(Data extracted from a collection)
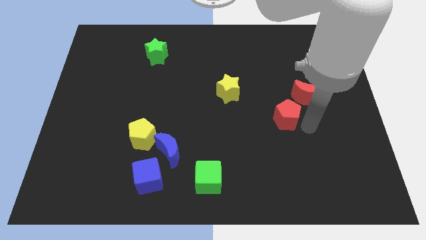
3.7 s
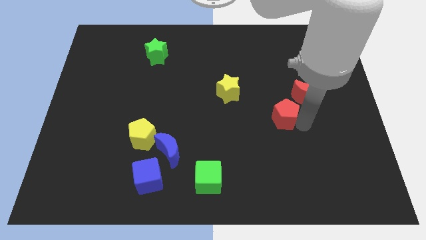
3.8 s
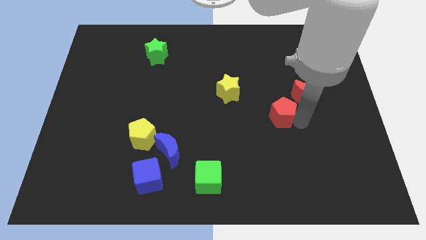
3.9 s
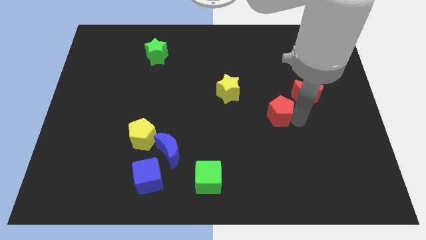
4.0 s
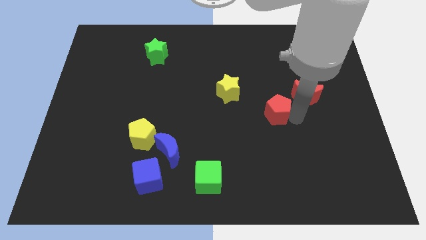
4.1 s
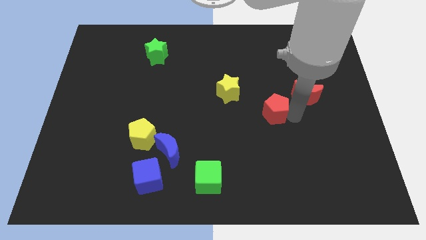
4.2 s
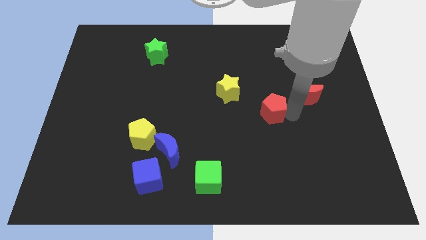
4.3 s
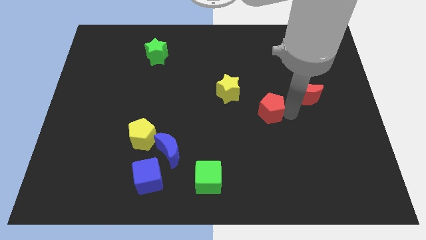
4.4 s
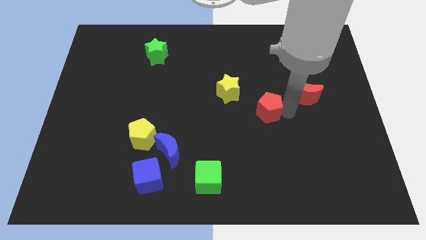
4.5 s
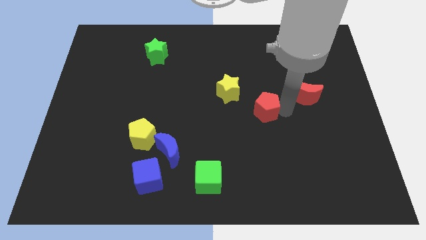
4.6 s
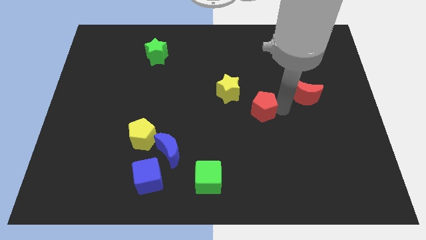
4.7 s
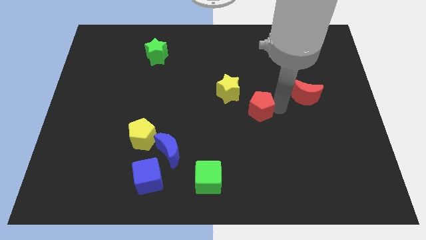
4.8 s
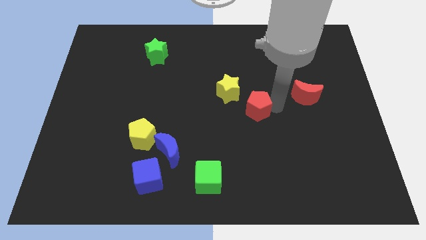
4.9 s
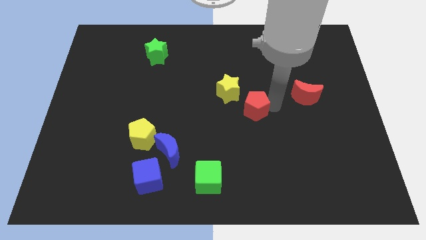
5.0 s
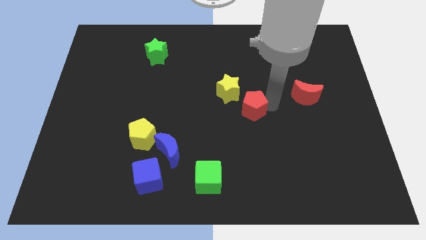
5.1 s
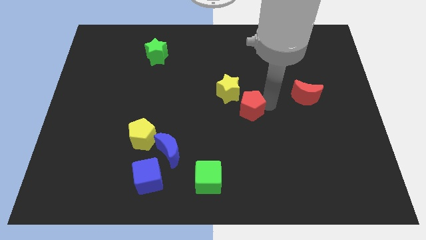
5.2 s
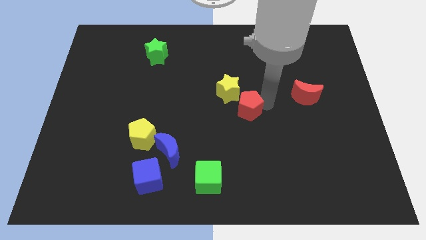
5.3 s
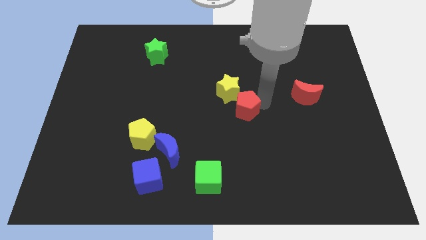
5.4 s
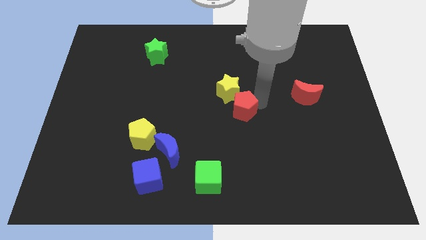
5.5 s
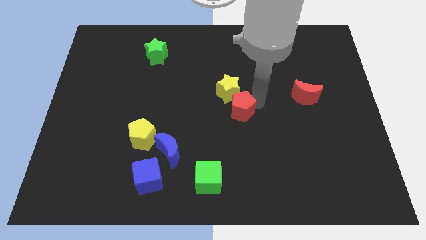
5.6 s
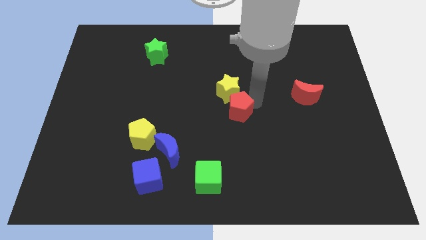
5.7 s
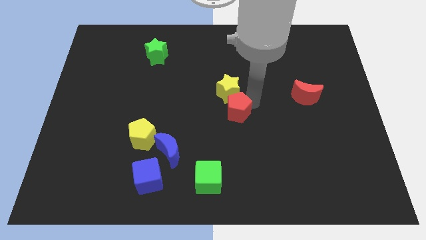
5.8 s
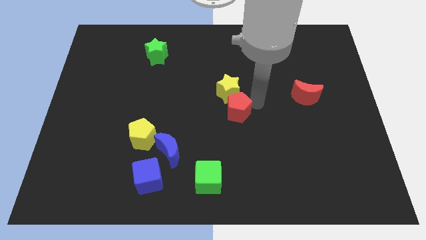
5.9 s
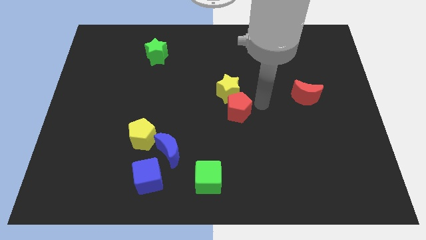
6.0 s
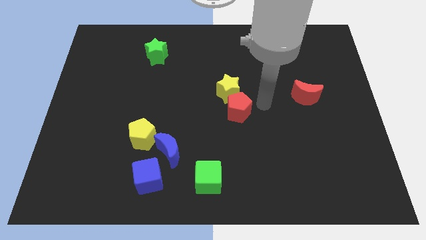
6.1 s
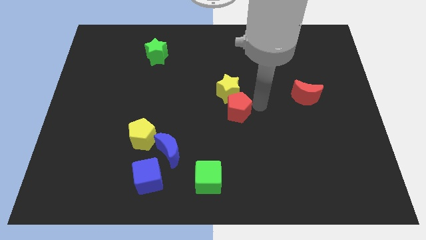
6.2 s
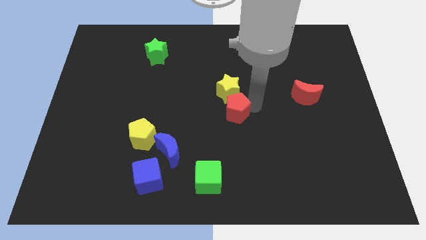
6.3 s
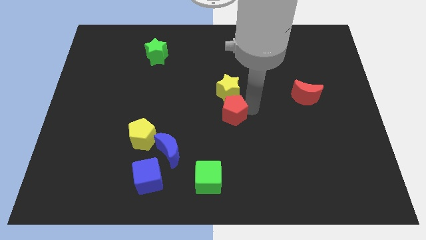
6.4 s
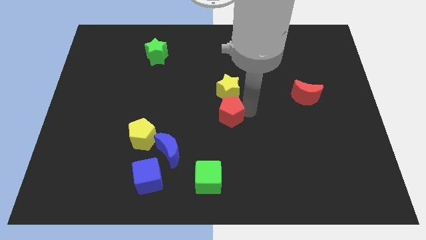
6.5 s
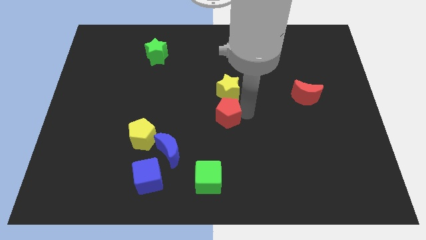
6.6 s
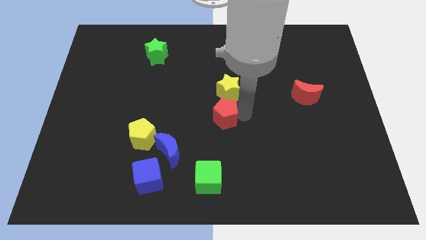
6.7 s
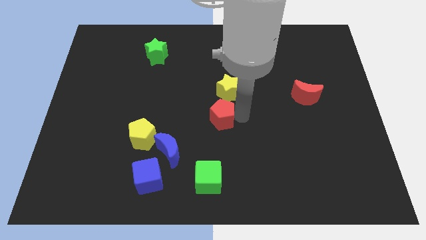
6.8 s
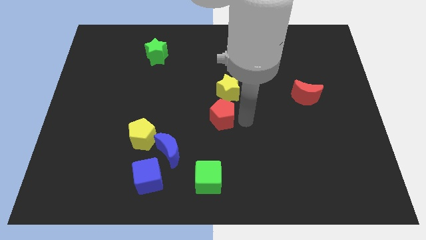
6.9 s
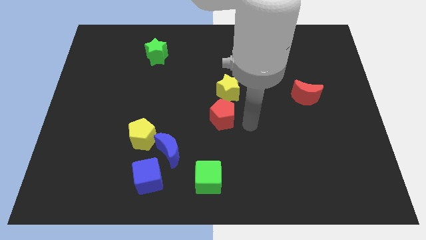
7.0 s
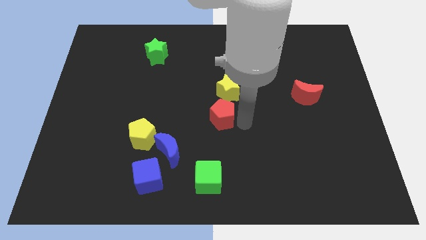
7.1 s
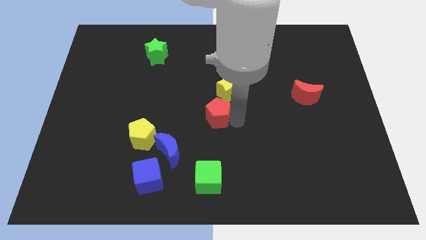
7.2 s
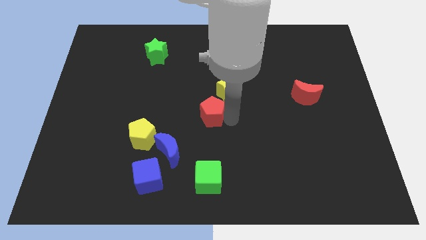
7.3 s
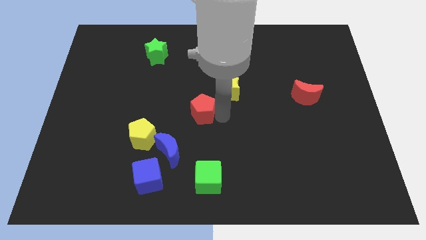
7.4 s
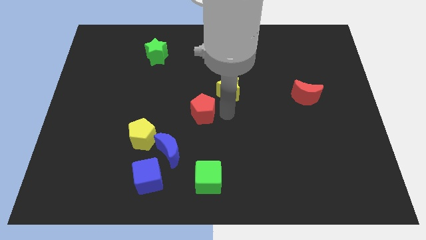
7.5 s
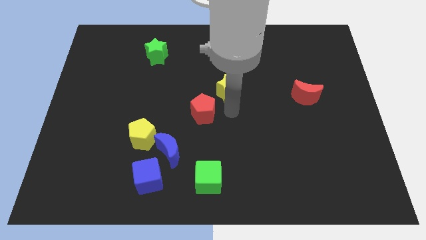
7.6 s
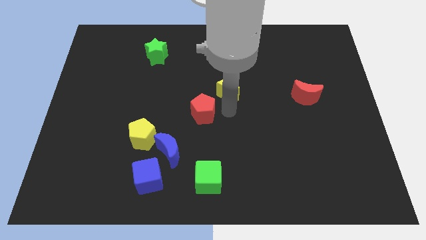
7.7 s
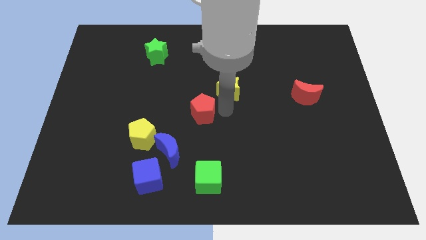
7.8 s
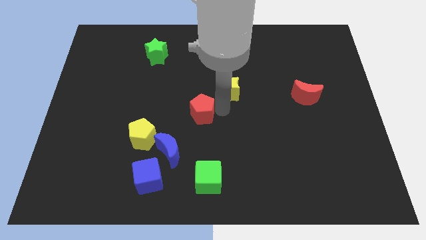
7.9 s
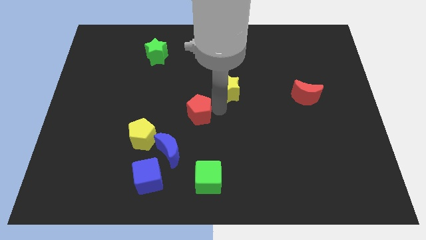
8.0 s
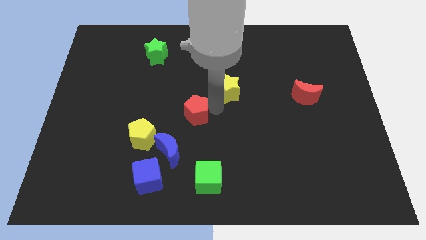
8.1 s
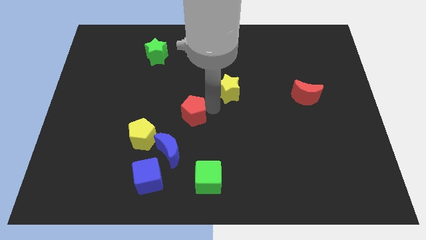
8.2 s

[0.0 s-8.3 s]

HOW TO COMPLETE THIS TASK:
Print the records verbatim, without pictures.

PROBLEM SOLUTION:
3.7 s
3.8 s
3.9 s
4.0 s
4.1 s
4.2 s
4.3 s
4.4 s
4.5 s
4.6 s
4.7 s
4.8 s
4.9 s
5.0 s
5.1 s
5.2 s
5.3 s
5.4 s
5.5 s
5.6 s
5.7 s
5.8 s
5.9 s
6.0 s
6.1 s
6.2 s
6.3 s
6.4 s
6.5 s
6.6 s
6.7 s
6.8 s
6.9 s
7.0 s
7.1 s
7.2 s
7.3 s
7.4 s
7.5 s
7.6 s
7.7 s
7.8 s
7.9 s
8.0 s
8.1 s
8.2 s

[0.0 s-8.3 s]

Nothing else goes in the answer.